Tuesday, November 03, 2015

Attorney Says Judicial Arbitration Injures Victims and Consumers -- See New York Times Article

by Charlies Carreon

This article is in reference to the following New York Times article.
http://mobile.nytimes.com/2015/11/02/business/dealbook/in-arbitration-a-privatization-of-the-justice-system.html?referer=&_r=0

This front page New York Times article about how arbitration provisions in many non-negotiable contracts slam the courthouse doors against the claims of severely injured people. As a young, ambitious proto-trial attorney just out UCLA back in 1986, arbitration provisions were not too often a concern in most of the contracts I dealt with. Today, it is one of the first issues I address when I deal with a dispute that involves a written contract.
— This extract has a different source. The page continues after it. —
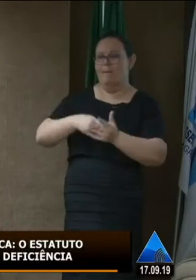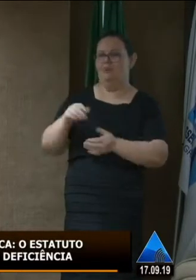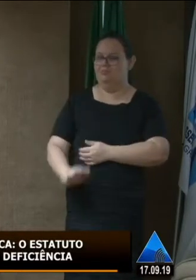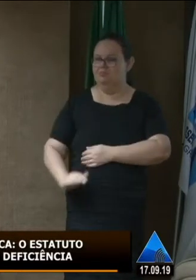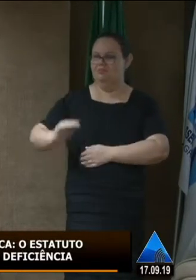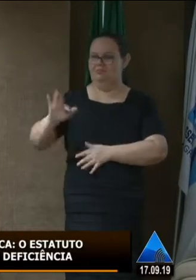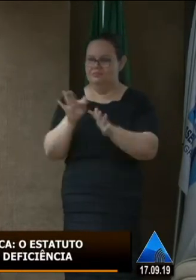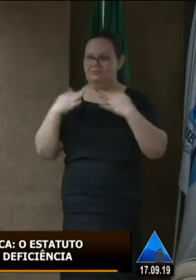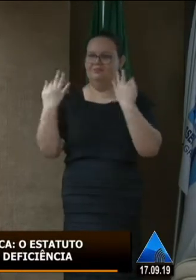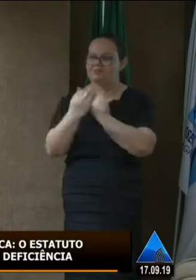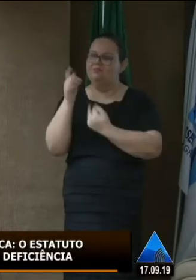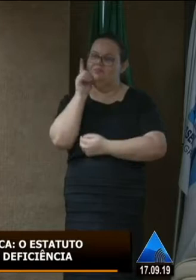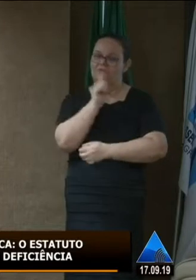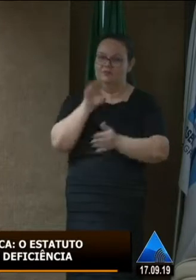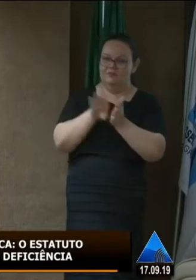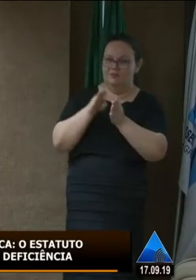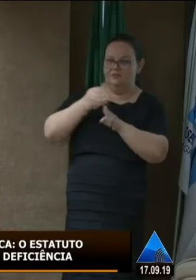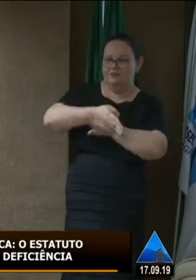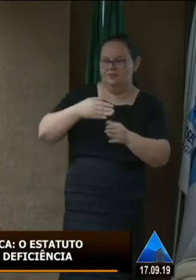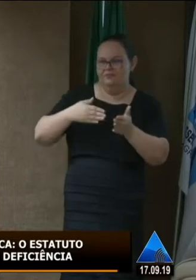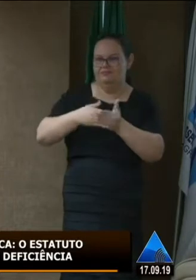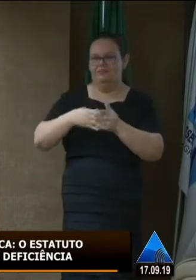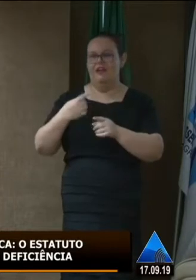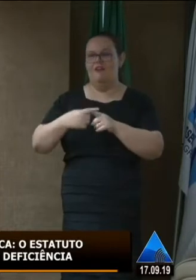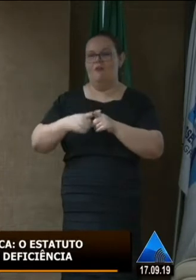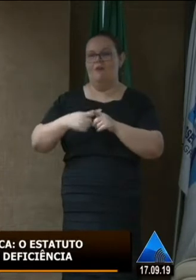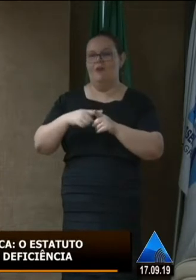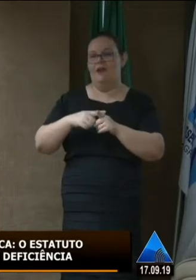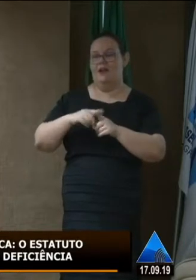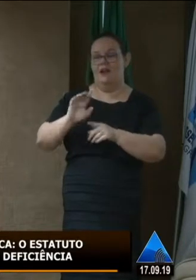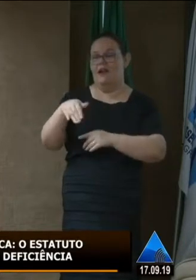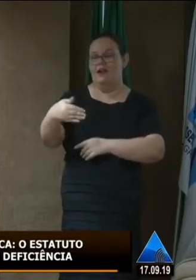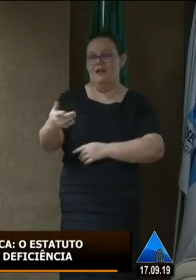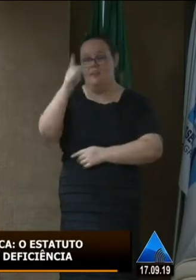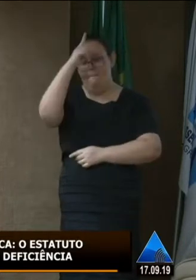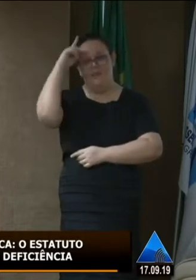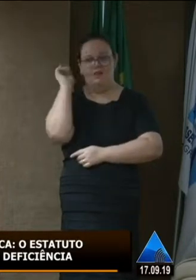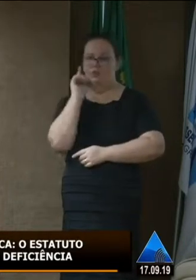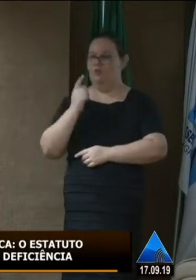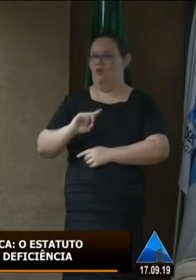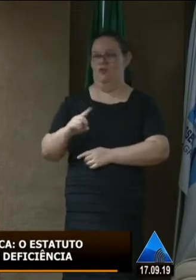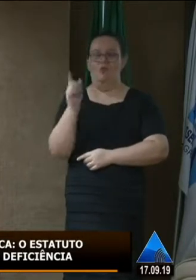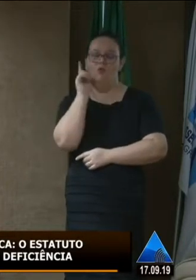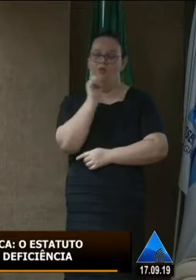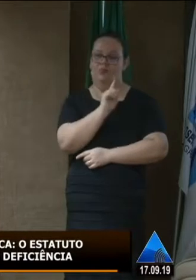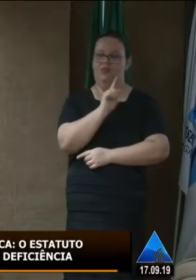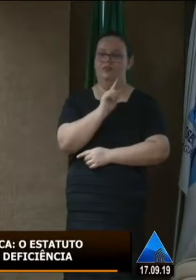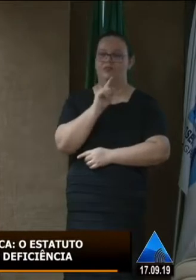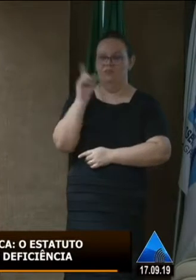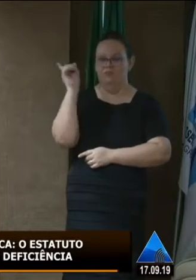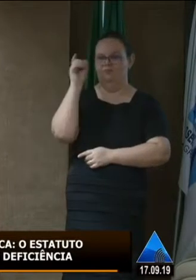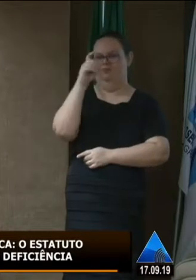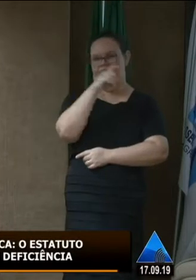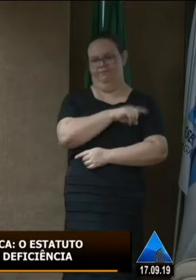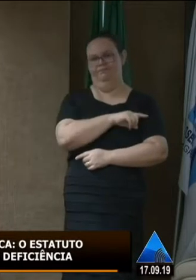para essas famílias que conseguem chegar até lá. Porque para as que não conseguem, o suplício é grande, né? Esse
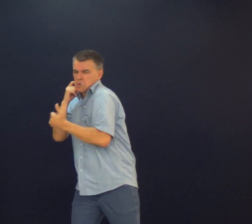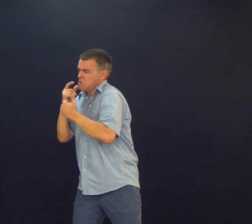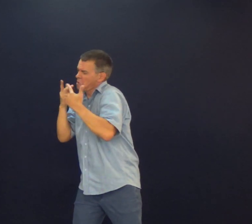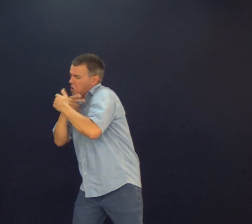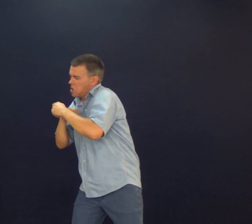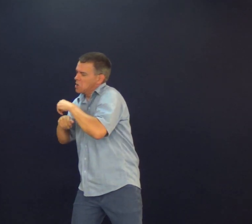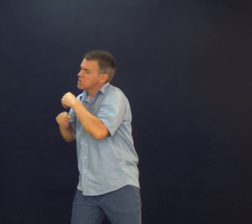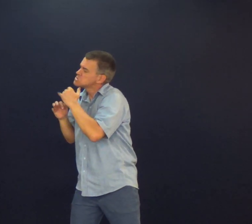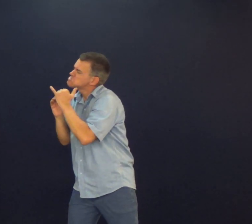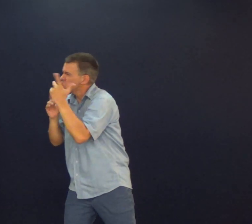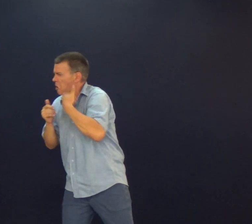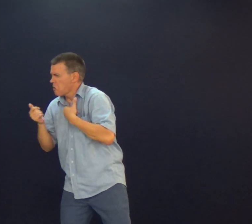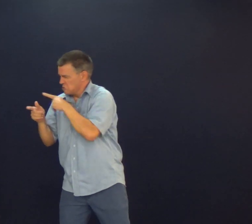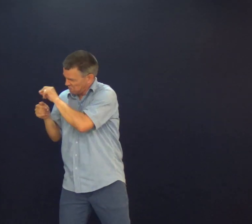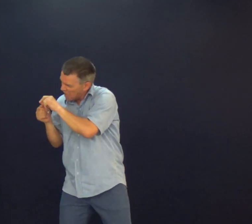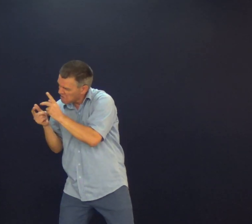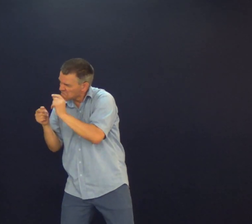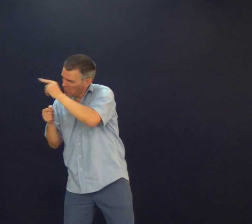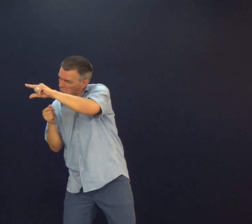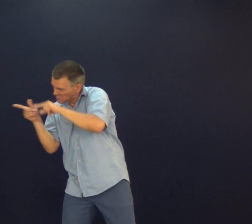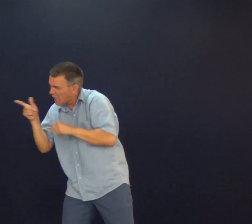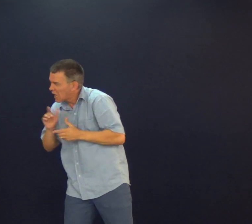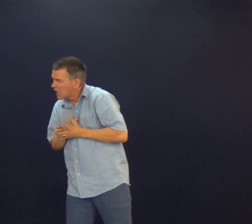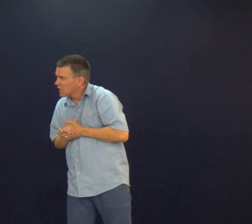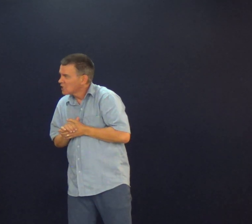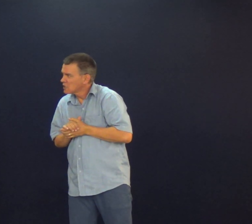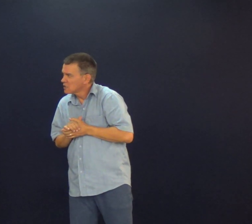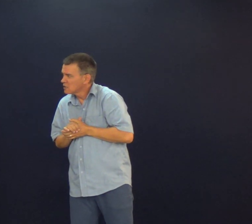Não sei Eu falo alguma coisa Eu respeito Falo isso Falo aquilo

When I am reviewing a case for an injured/damaged client, if find an arbitration clause, it usually means game-over, because there is not going to be much available for the attorney if the case has to go to arbitration. Definitely don't plan on getting it in the arbitrator's award if it is a case involving workplace discrimination, physician malpractice, securities fraud, or negligent physical injury.
Why? 
Because arbitrators are often conservative retired judges whose judicial habits have disposed them kindly to corporate defendants, and ungenerously toward those injured by corporate misconduct. They are quick to forgive executives for "mistakes," and slow to see transparent fraud, blatant prejudice, and obvious negligence. The National Arbitration Forum was put out of the business of arbitrating credit card debt cases because it turned out the whole damn NAF was run by Mann Bracken, one of the three largest collection law firms in the nation!
Although knocked out of doing credit card arbitrations, the NAF still arbitrates domain name disputes, with a 92% win rate for the corporate trademark holders last year, up from 88%. See the NAF news page for that admission. The total kiss of death for most cases is the fact that it costs a butt-load to arbitrate. 

I have a wealthy client for whom I write contracts. We have worked together for about seven years, and I have written a couple of dozen contracts for his businesses. We used to put arbitration clauses in them, but after our last arbitration, we do not use them at all anymore. The cost to process the case was outrageous, even though our arbitrator charged the minimum $500/hour through a well-known LA arbitration company. And then, after I had passed the case on to local counsel to handle the arbitration in LA, due to a bizarre decision by the arbitrator, my client was found liable for attorney's fees. Although I did step back in and enviegle a way out of this debacle, avoiding the humiliation of having my client pay the attorney's fees for the fellow we had pursued at substantial expense under the authority of the arbitration clause in our own contract. Never again, said the client. So even for a millionaire, a judge for free down at the courthouse is a mighty desirable thing, once you've been through the arbitration nightmare. The New York Times is breaking this story to a public that desperately needs to hear it. Read and vote for candidates who support the elimination of arbitration clauses, because once it gets to court, judges are more than happy to send cases to arbitration, for two simple reasons: (a) it gets work off their docket, and (b) when they retire, they know they will get paid $600/hour doing arbitration's, and that's going to be sweet. My favorite sad story about arbitration clauses was one where a persistent debt collector was repeatedly calling this man to collect a credit card debt. The man had a heart attack, and his family was trying to call 911, but the debt collector kept calling, interfering with their efforts to get an ambulance. The arrival of the paramedics was in fact delayed so long, the man died. The family sued for wrongful death, and a federal judge ordered the family to arbitrate that claim, based on, yep, the arbitration clause in their credit card agreement.